AUSSIE CRIME 2024: Recent Australian Crime Novels To Read This Australia Day!

AUSSIE CRIME 2024: Recent Australian Crime Novels To Read This Australia Day!

2023 was another strong year for Australian crime fiction.

Once again the overall quality of the books greatly impressed, especially given that some of my favourite authors, such as Kyle Perry, Michael Brissenden, Jane Harper and Garry Disher, did not produce books in 2023. I did not read every Australian crime novel released in 2023, but I did read a fair swag, around 50, and was impressed by the breadth and variety of the books released. I was also privileged to be a judge for the Ned Kelly Awards for Best Debut Crime Novel, which meant that I got to read a lot of new fiction by some very promising first time Australian authors.

Of course, not every Australian crime book I read in 2023 was to my liking, but I have to say that overall the quality was extremely good, and continued the high standard set in 2022.

The growth of rural crime or bush/outback noir has been a major trend in recent years, and it was again very evident in the books produced in 2023. Of the twelve books listed below, two certainly fall into the category of real outback noir, while another five have a strong rural or small town regional tinge to them. While Benjamin Stevenson’s idiosyncratic take on the locked room mystery, Everyone On This Train Is A Suspect, was set on the Ghan as it traversed the desolate heart of Australia.
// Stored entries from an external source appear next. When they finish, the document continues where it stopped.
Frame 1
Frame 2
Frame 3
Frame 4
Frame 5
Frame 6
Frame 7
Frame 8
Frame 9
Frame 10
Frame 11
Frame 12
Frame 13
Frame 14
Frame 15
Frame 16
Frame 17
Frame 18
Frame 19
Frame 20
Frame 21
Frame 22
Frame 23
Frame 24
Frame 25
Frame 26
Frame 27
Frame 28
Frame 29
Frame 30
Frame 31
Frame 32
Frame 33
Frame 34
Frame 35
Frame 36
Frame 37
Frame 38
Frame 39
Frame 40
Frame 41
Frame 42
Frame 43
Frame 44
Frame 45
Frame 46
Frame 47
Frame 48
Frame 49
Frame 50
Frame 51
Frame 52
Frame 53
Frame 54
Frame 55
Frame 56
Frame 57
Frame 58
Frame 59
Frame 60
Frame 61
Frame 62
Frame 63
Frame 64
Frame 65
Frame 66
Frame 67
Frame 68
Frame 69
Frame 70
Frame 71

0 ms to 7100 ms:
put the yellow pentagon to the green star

In addition to these, there were also several other notable examples of rural noir, such as Darcy Tindale’s The Fall Between and Margaret Hickey’s Broken Bay, which just fell a little short of making the list. All of them, including rural romance crime books by Fleur McDonald and Kerry McGinnis, featured very attractive scenic covers, which undoubtedly helped their appeal overseas and in Australia.

Pleasingly there seemed to be an increase last year in the number of crime novels set in cities and dealing with urban crime, often from a recent historical perspective. These were led by David Whish-Wilson’s excellent I Am Already Dead and Iain Ryan’s The Strip, but there were also good examples by newcomers Mali Waugh and Joanna Jenkins who almost made the list. Interesting, the two books by Mali and Joanna, Judgement Day and How To Kill A Client, dealt with crime among lawyers, which has been a rarely touched subject in Australian crime fiction, and hopefully signals the beginning of a new trend of white collar crime books.
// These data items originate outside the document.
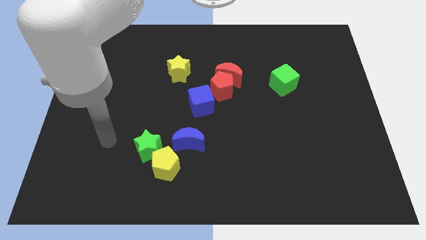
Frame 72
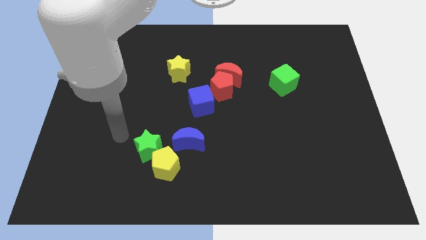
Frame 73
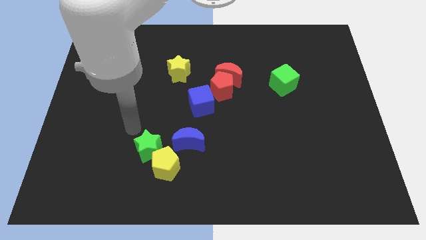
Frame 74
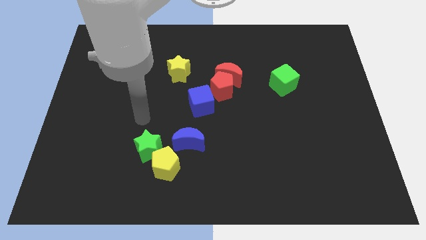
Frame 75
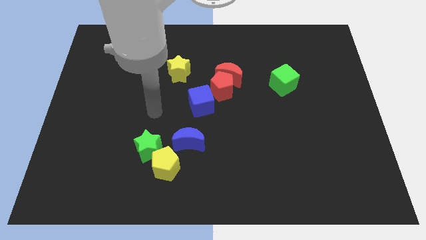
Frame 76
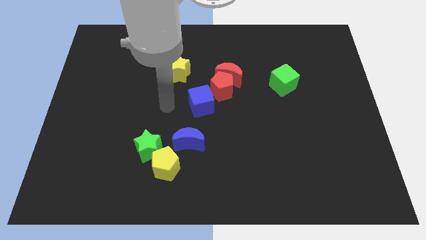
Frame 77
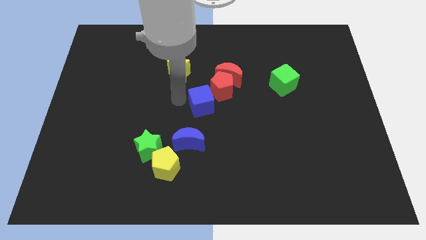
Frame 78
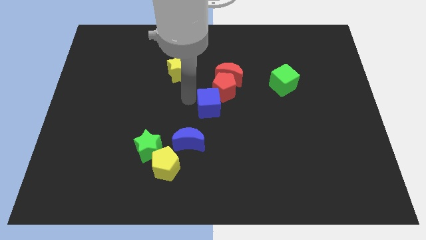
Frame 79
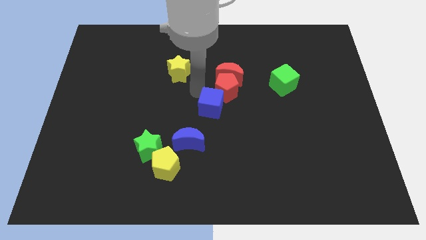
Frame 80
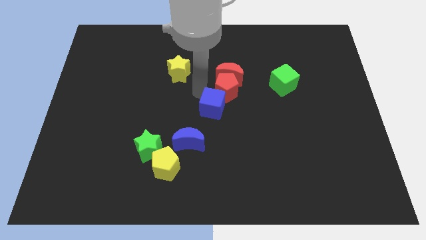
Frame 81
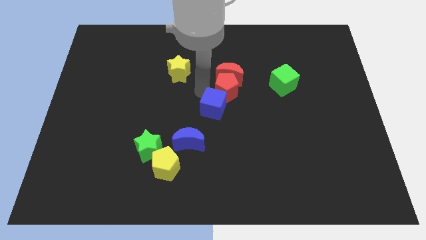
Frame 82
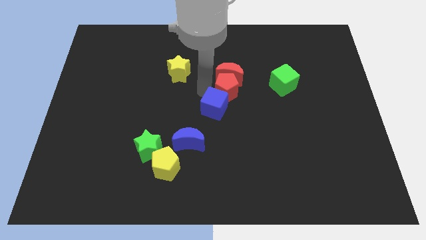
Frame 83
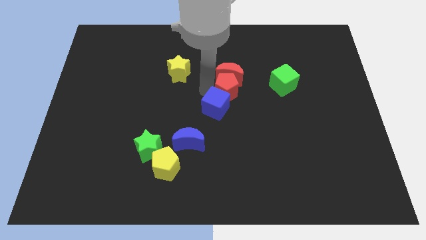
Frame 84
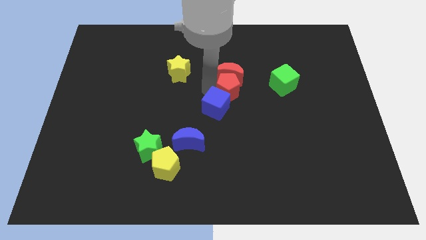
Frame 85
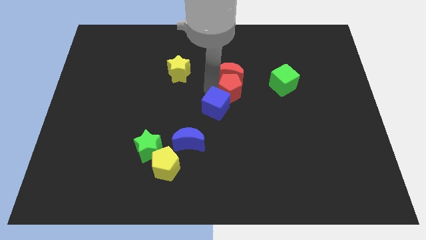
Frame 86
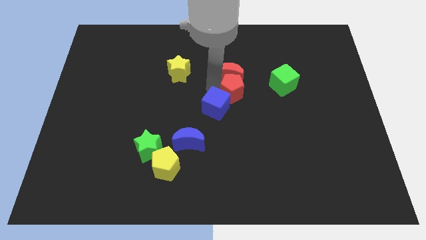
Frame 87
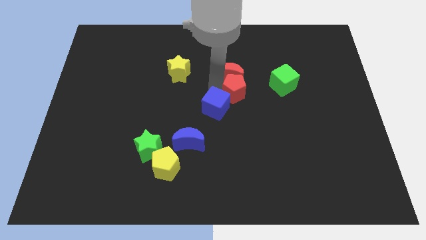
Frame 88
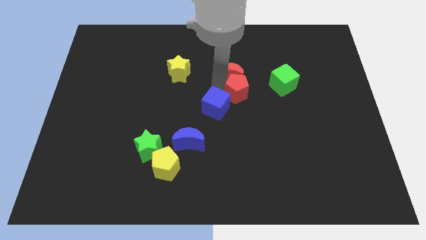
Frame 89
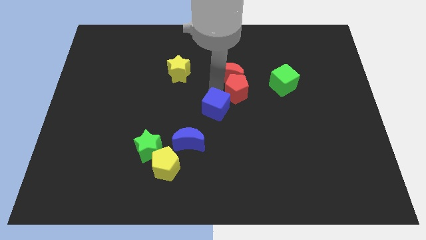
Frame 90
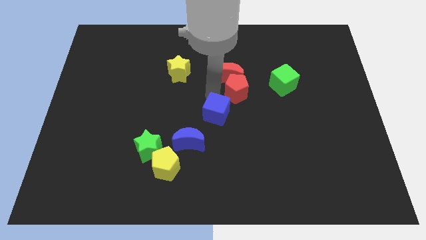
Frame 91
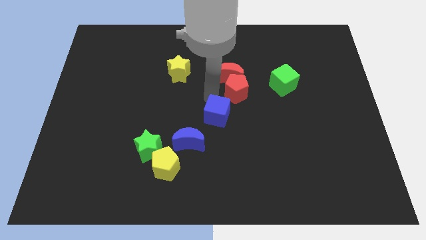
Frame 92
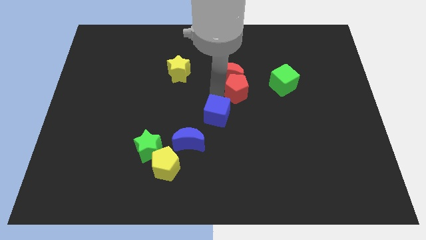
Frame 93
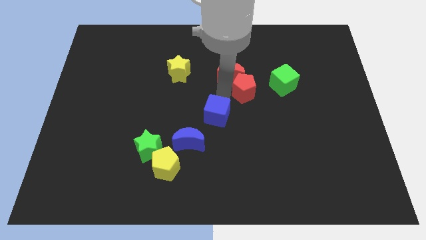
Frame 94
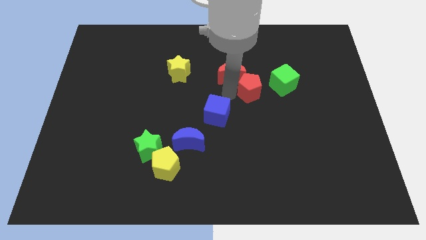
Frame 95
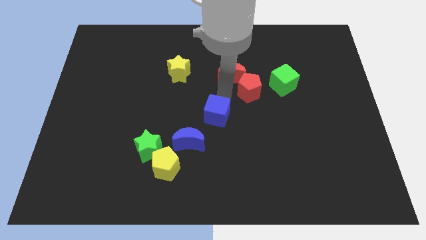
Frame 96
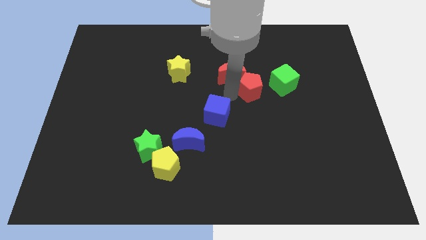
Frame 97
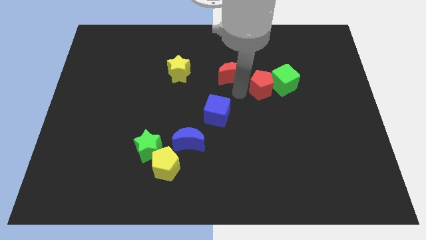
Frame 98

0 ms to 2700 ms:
put the red pentagon to the green cube

There were no strong, consistent themes in 2023, but there was plenty of diversity. The below books cover the spectrum of the genre from cold case crimes to police novels to straight out thrillers to murder mysteries and twisty tales and a very good heist thriller. Beyond the below list, there was also a good selection of lighter novels with crime elements, such as Amanda Hampson’s The Tea Ladies and Sarah Smith’s inventive, LA-based novel Twelve Steps To A Long And Fulfilling Death, and the usual collection of domestic suspense and ‘family dramas with crime’ books, including Ali Lowe’s The Running Club.

Without a doubt the most impressive aspect of the current surge in Australian crime writing has been the steady stream of very good debut novels every year. 2023 again saw some very impressive debuts by Michelle Prak and Joanna Jenkins, to name just two, while Dinuka McKenzie followed up on her outstanding debut of 2022, The Torrent, with the equally impressive Taken.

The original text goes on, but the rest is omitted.